You can also understand why most people think our schools are better than than they are - the kids all get A's.

Now this is an over-generalization, some kids would earn those grades with higher standards and would do very well no matter how much they were challenged, but I'm sure there are others who wouldn't.

At the end of the day, if kids are getting A's and B's, parents are happy, and the schools are good despite the performance on PSSA's compared to other schools which show we are really mid-pack.

If I thought we should be mid-pack, I probably wouldn't care. When I think we should be a top-tier school, have the potential in both staff and student to be there, and are asked to annually pay more money to provide better education, and remain mid-pack it is a concern.

Thanks for the comments and sorry for any confusion with the original closing comment.

lineflat said...

Well put. Agreed. Good conversation here by the way.

Grade inflation is a whole other topic, which I think we would agree on as well.

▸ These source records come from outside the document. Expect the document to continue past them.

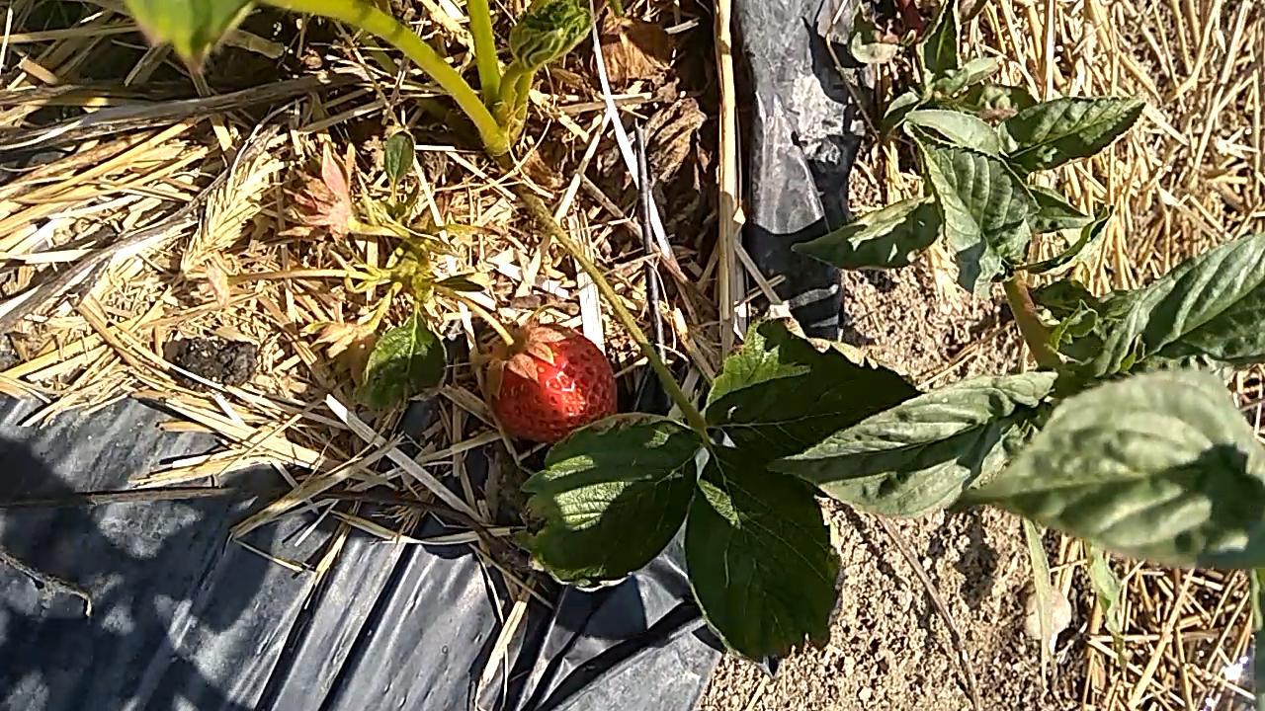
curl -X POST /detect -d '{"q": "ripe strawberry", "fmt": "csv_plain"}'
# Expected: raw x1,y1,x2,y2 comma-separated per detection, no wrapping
480,319,633,454
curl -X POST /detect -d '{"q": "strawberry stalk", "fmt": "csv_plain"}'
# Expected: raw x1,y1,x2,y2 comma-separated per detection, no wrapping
473,304,532,365
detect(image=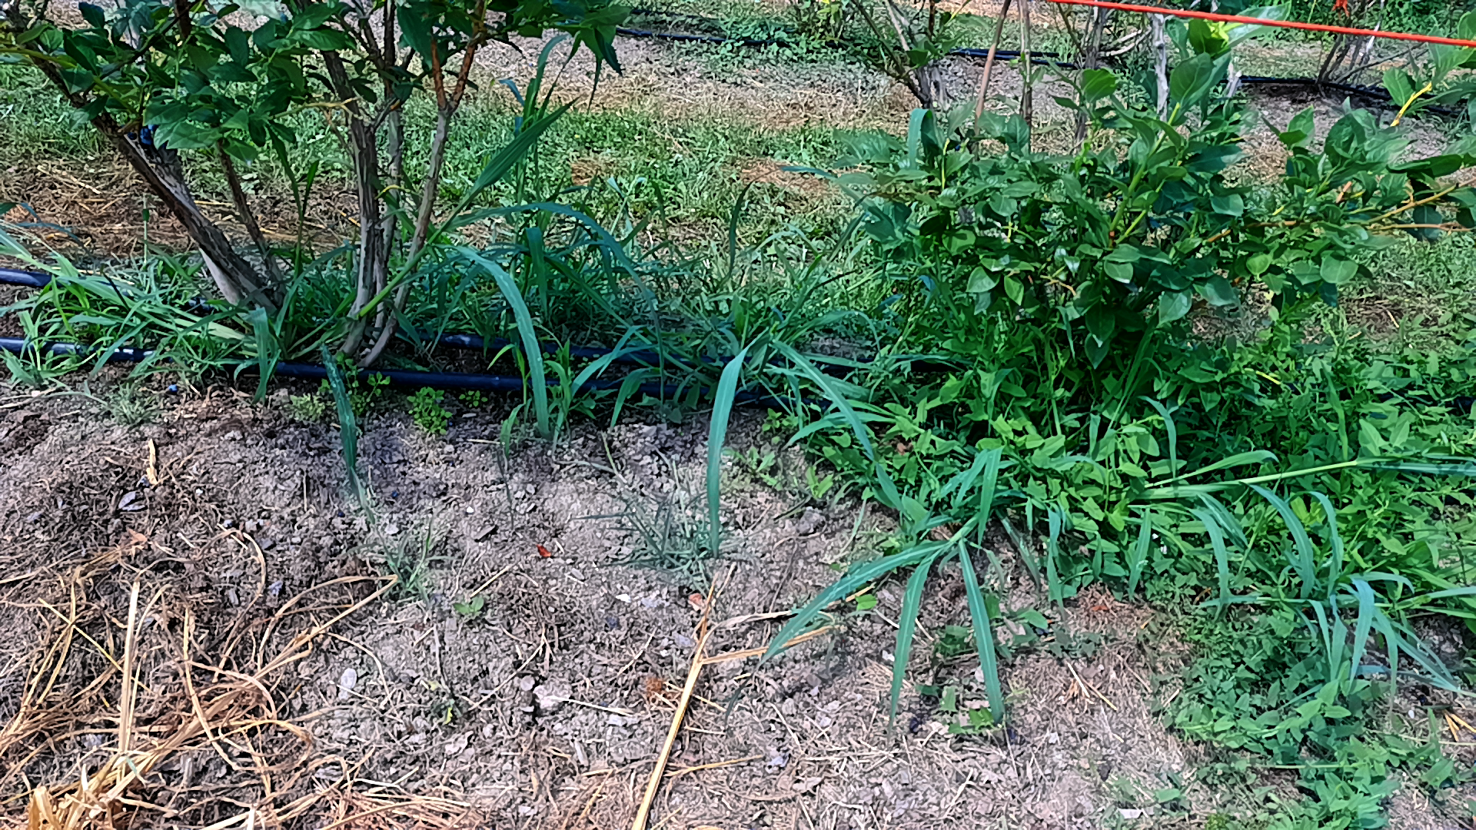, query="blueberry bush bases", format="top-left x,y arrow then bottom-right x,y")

Yes, once the money drops below a certain level, surely the performance will follow. I don't think we are anywhere near that level.

I just get a little frustrated by all of the people screaming about the failure of the education system, when the roots of declining school performance are to a large degree outside the school. Of course, that's not a popular position for our representatives to take. It's much easier (and acceptable) to point at the school.

Having said all that, I think we share the same concerns about our current budget woes. If there is no real direction or plan for exactly how the dollars are supposed to influence performance, then we are just pi$$ing money away, and spending for the sake of spending.

Gotta get to work. Thanks for the conversation.